─── Information shown ───

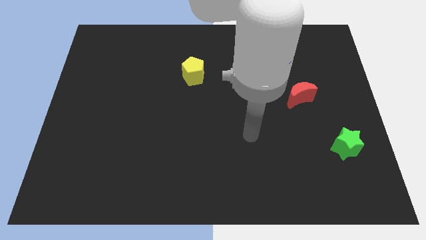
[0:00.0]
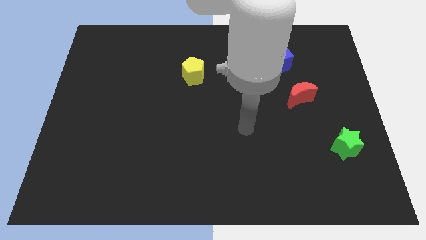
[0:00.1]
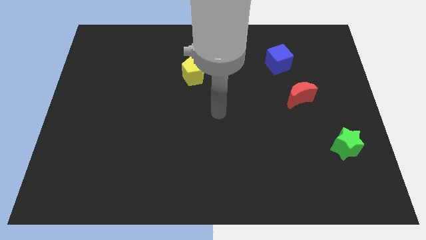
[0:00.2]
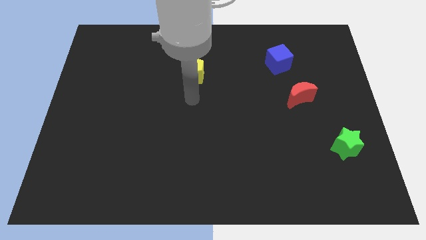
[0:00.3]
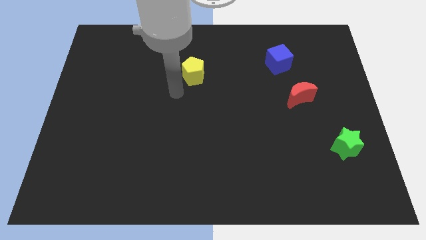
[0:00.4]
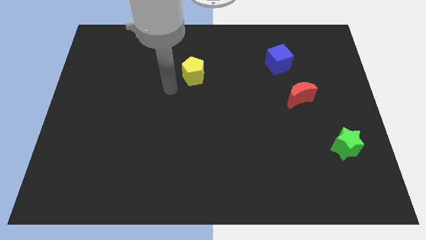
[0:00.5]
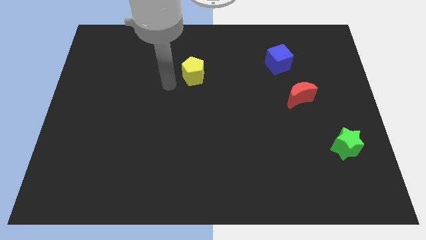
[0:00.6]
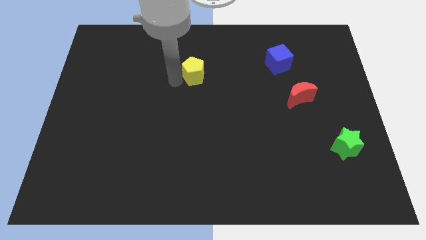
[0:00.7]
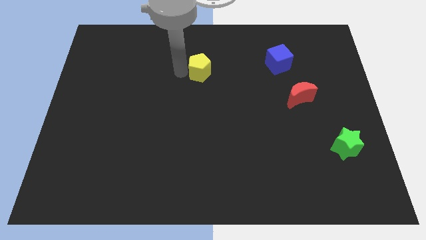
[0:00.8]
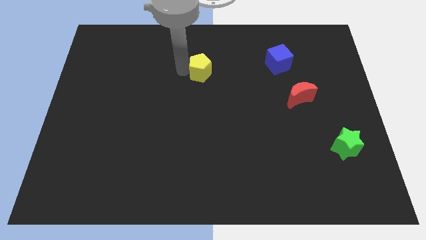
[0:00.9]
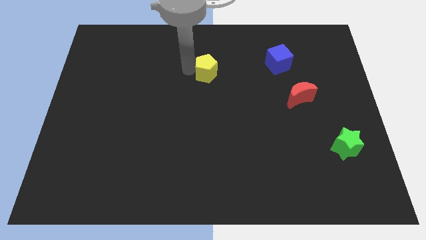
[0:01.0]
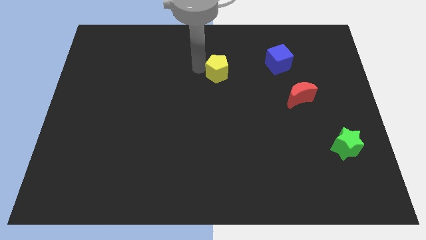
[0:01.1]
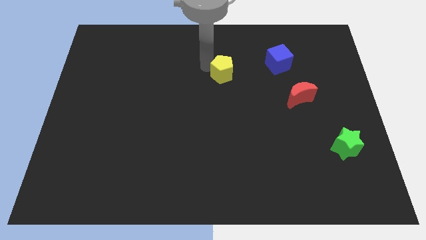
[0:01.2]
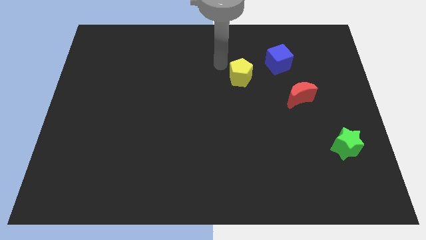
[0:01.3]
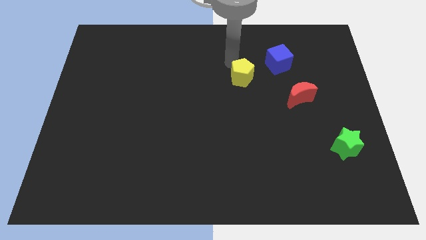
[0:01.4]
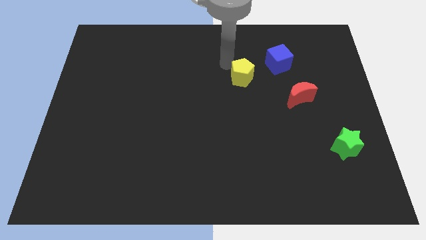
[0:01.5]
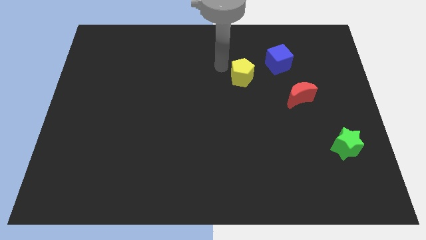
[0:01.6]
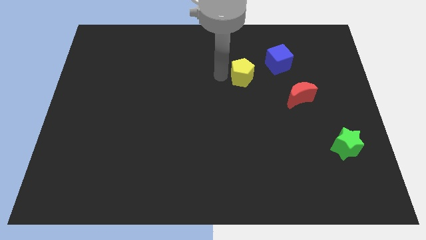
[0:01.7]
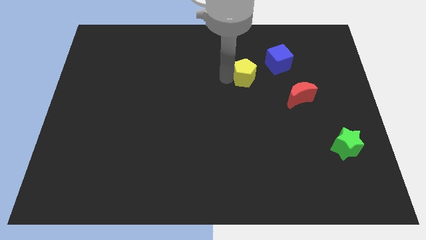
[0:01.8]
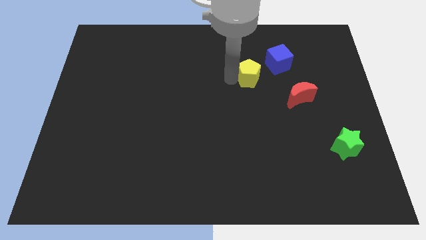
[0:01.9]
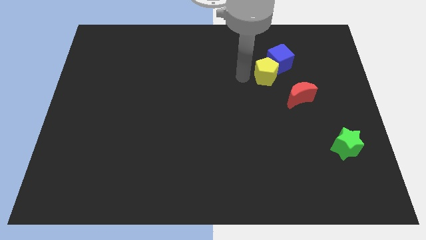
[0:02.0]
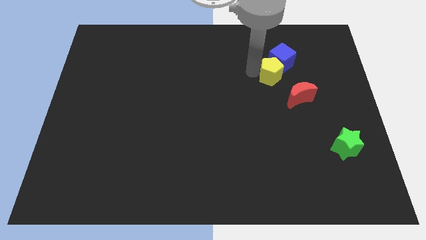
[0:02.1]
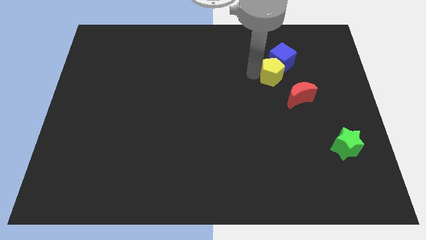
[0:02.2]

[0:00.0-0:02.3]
slide the yellow pentagon to the cube

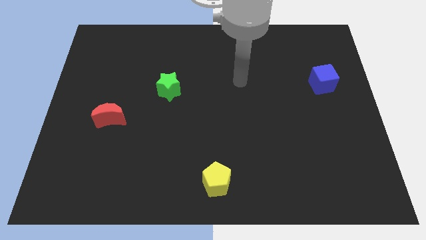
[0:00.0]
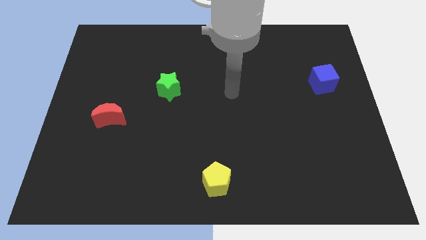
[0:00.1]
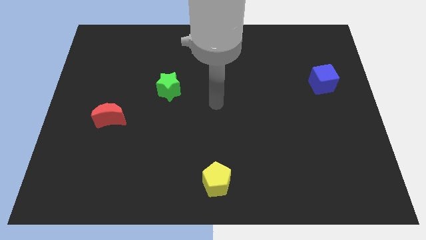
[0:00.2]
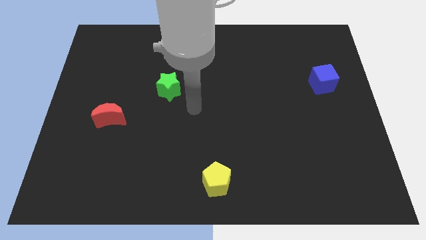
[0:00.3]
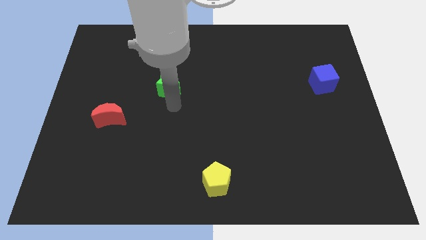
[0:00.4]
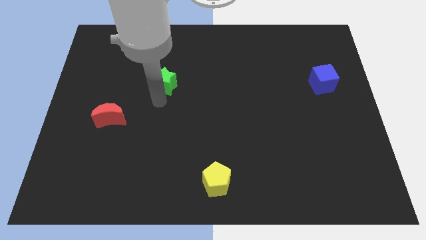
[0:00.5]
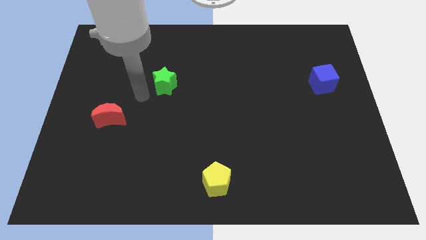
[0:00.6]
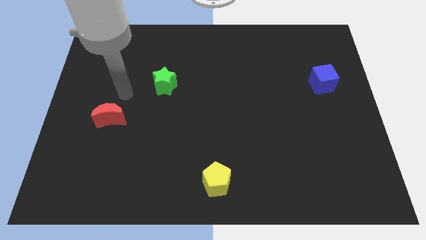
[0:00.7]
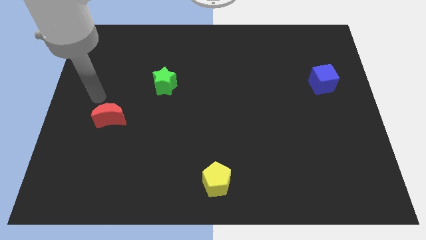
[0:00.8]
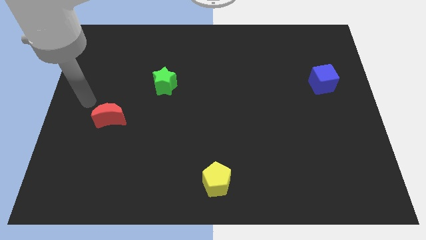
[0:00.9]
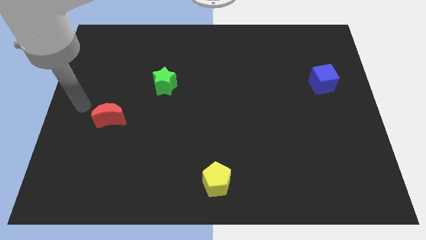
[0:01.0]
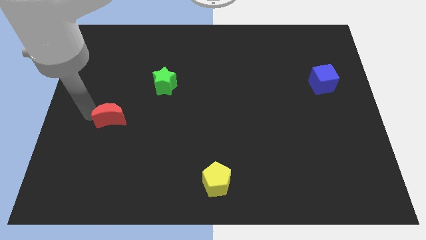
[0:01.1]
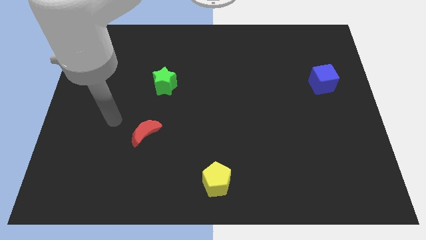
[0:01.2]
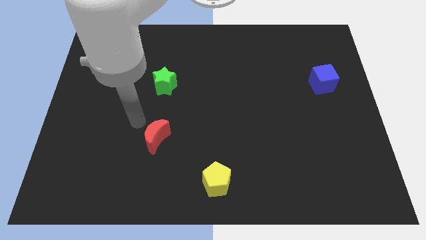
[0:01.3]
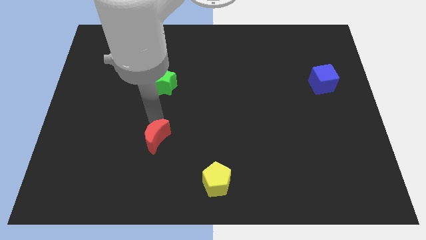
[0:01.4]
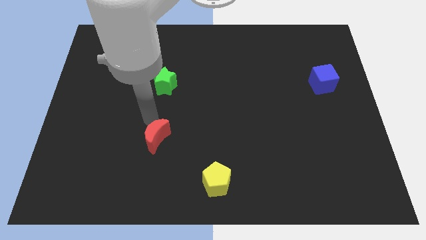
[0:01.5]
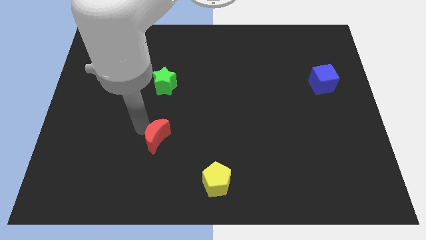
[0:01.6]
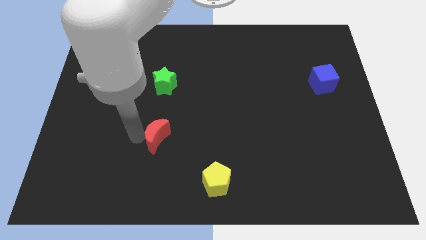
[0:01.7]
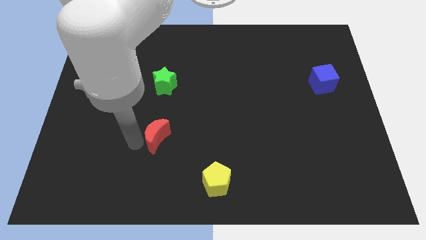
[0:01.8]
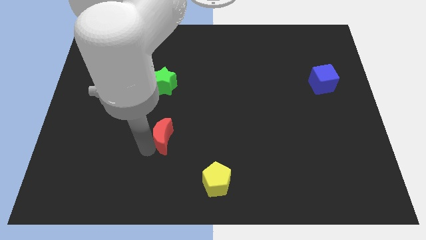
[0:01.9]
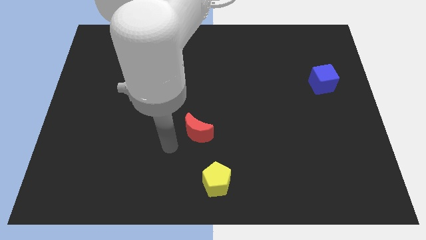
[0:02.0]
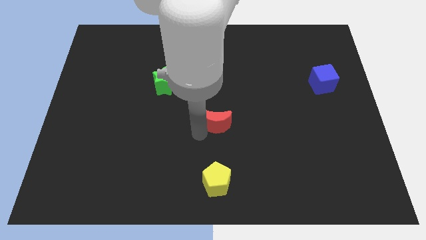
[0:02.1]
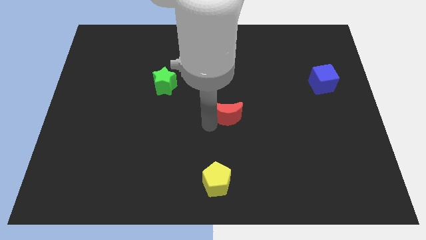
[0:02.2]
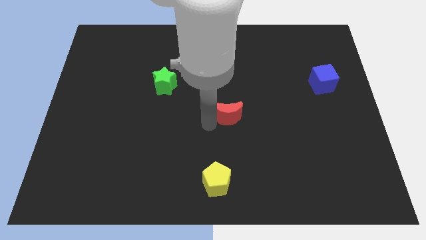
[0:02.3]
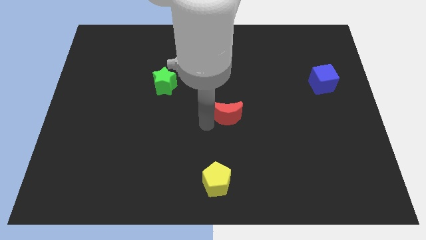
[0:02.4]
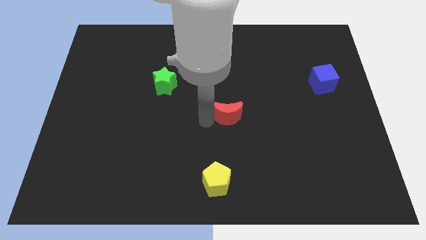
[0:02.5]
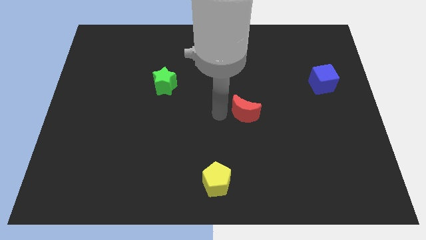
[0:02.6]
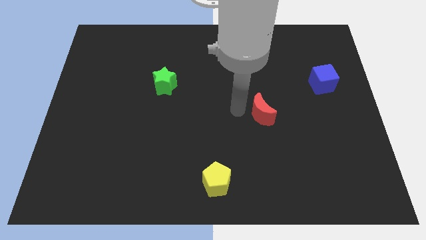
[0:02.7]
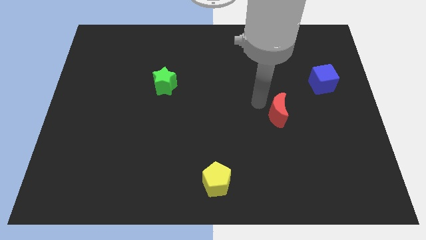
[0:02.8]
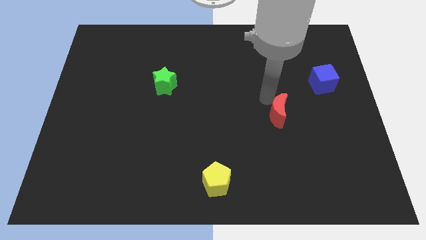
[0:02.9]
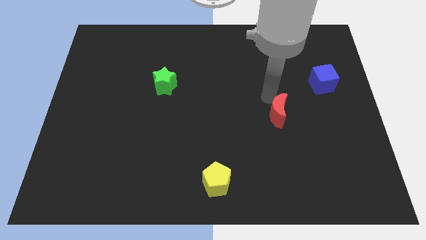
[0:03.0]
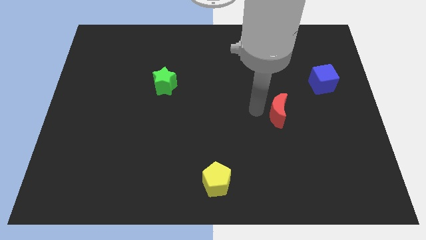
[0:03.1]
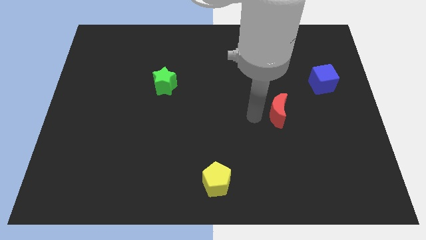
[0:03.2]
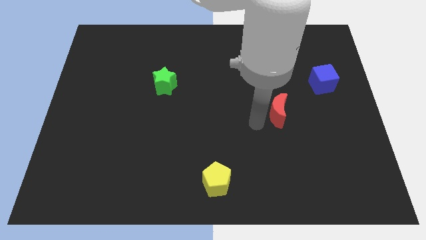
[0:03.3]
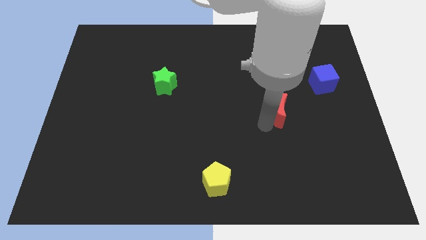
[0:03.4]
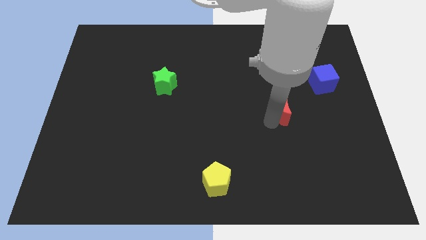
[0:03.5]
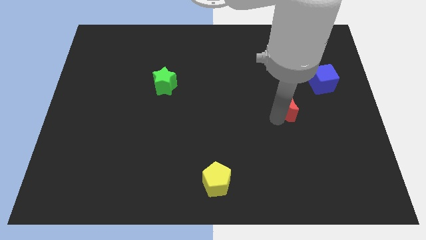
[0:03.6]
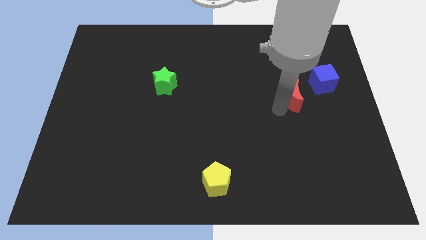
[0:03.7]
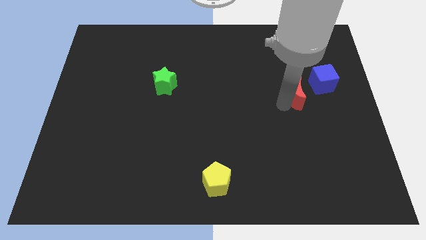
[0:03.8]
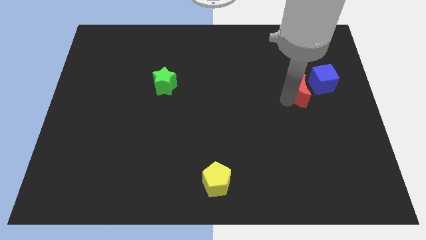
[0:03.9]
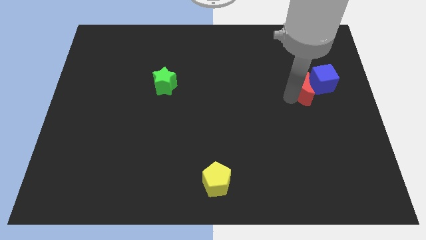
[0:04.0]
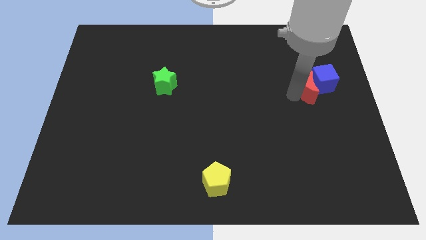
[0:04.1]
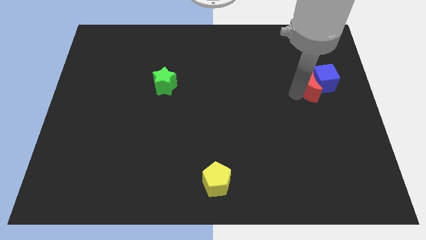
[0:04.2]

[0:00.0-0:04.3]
push the moon next to the blue block

───

- Aim of the exercise -
Would you give the records again exactly, dropping the pictures?

- Output for this exercise -
[0:00.0]
[0:00.1]
[0:00.2]
[0:00.3]
[0:00.4]
[0:00.5]
[0:00.6]
[0:00.7]
[0:00.8]
[0:00.9]
[0:01.0]
[0:01.1]
[0:01.2]
[0:01.3]
[0:01.4]
[0:01.5]
[0:01.6]
[0:01.7]
[0:01.8]
[0:01.9]
[0:02.0]
[0:02.1]
[0:02.2]

[0:00.0-0:02.3]
slide the yellow pentagon to the cube

[0:00.0]
[0:00.1]
[0:00.2]
[0:00.3]
[0:00.4]
[0:00.5]
[0:00.6]
[0:00.7]
[0:00.8]
[0:00.9]
[0:01.0]
[0:01.1]
[0:01.2]
[0:01.3]
[0:01.4]
[0:01.5]
[0:01.6]
[0:01.7]
[0:01.8]
[0:01.9]
[0:02.0]
[0:02.1]
[0:02.2]
[0:02.3]
[0:02.4]
[0:02.5]
[0:02.6]
[0:02.7]
[0:02.8]
[0:02.9]
[0:03.0]
[0:03.1]
[0:03.2]
[0:03.3]
[0:03.4]
[0:03.5]
[0:03.6]
[0:03.7]
[0:03.8]
[0:03.9]
[0:04.0]
[0:04.1]
[0:04.2]

[0:00.0-0:04.3]
push the moon next to the blue block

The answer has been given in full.